Extracted data below:
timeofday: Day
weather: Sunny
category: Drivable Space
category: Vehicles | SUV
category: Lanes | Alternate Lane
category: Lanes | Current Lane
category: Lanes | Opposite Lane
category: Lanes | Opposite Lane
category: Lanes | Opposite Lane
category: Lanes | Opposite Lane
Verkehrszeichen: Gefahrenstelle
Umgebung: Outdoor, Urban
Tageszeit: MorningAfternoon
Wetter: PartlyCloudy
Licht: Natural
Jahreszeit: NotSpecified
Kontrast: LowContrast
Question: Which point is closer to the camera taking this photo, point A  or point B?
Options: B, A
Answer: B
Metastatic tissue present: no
End of Extracted data.
Extracted data below:
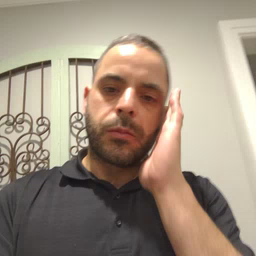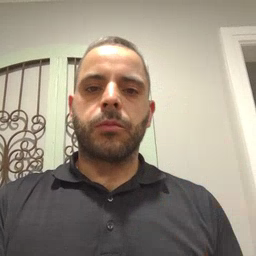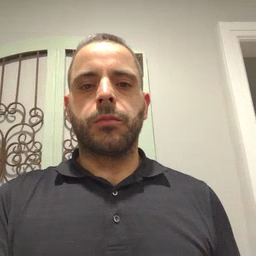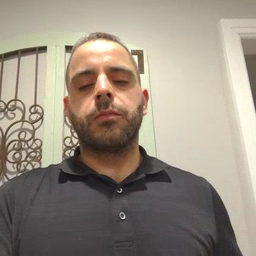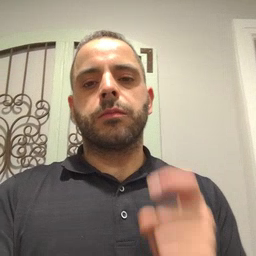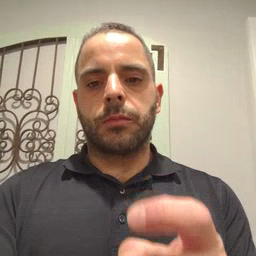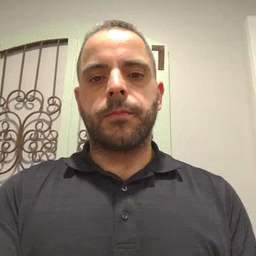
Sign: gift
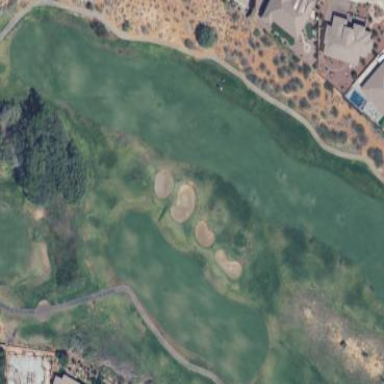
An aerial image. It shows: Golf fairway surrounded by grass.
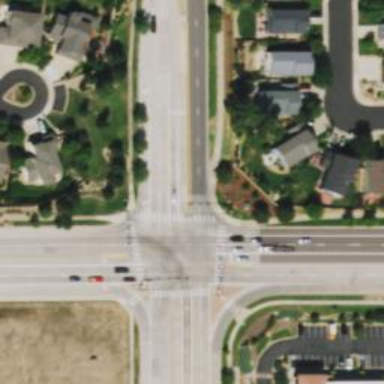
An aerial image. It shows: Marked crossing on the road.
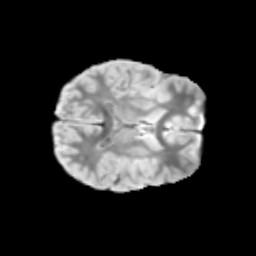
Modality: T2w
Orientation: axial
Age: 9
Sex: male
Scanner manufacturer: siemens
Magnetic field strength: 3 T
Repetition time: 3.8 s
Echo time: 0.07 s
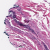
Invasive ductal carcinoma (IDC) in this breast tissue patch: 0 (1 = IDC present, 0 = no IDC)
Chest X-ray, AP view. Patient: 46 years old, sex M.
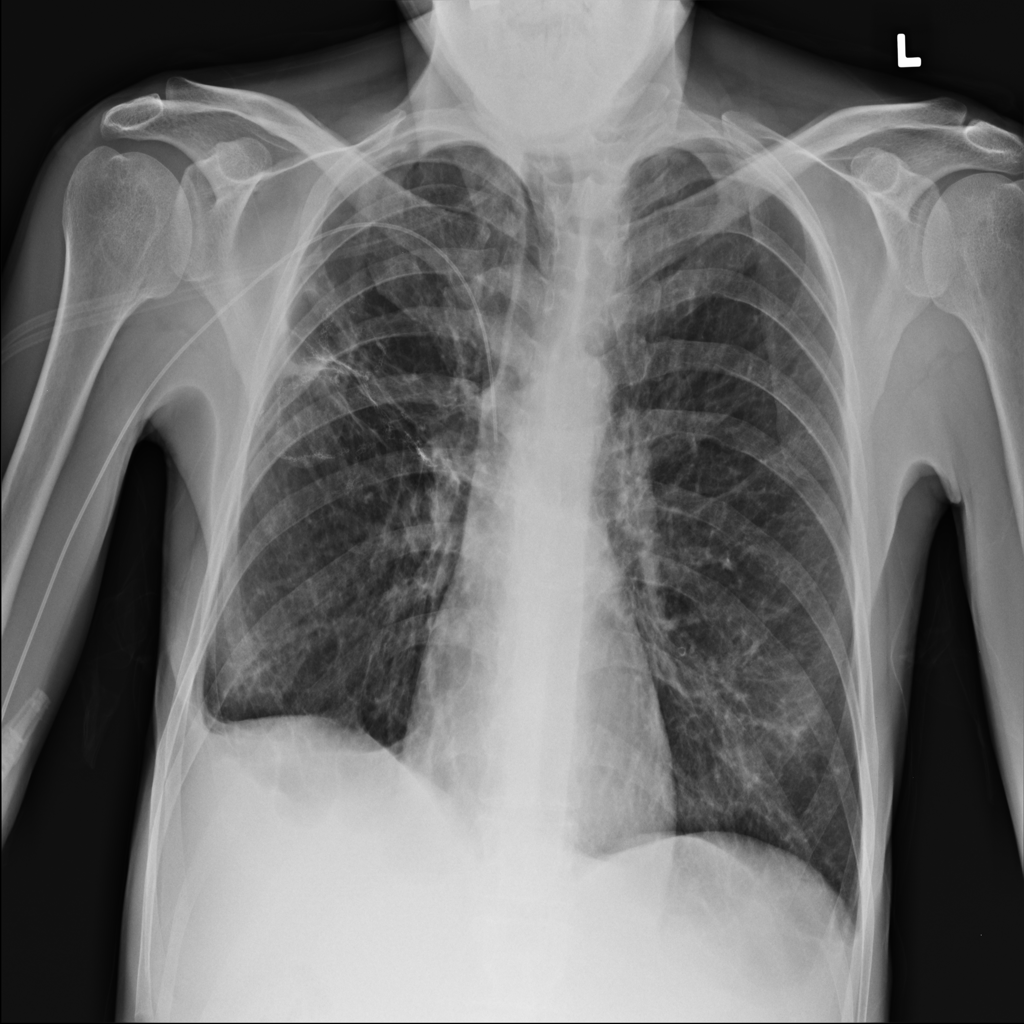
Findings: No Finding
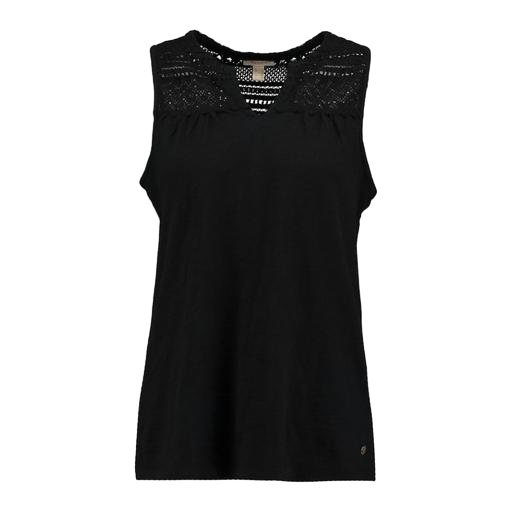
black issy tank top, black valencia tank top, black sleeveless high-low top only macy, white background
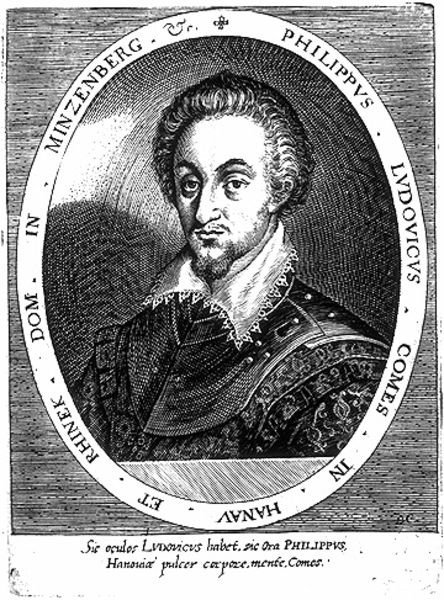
End of Extracted data.
What is being asked:
Please show all lines from the entries that contain the word "shows".

Solution to the exercise:
An aerial image. It shows: Golf fairway surrounded by grass.
An aerial image. It shows: Marked crossing on the road.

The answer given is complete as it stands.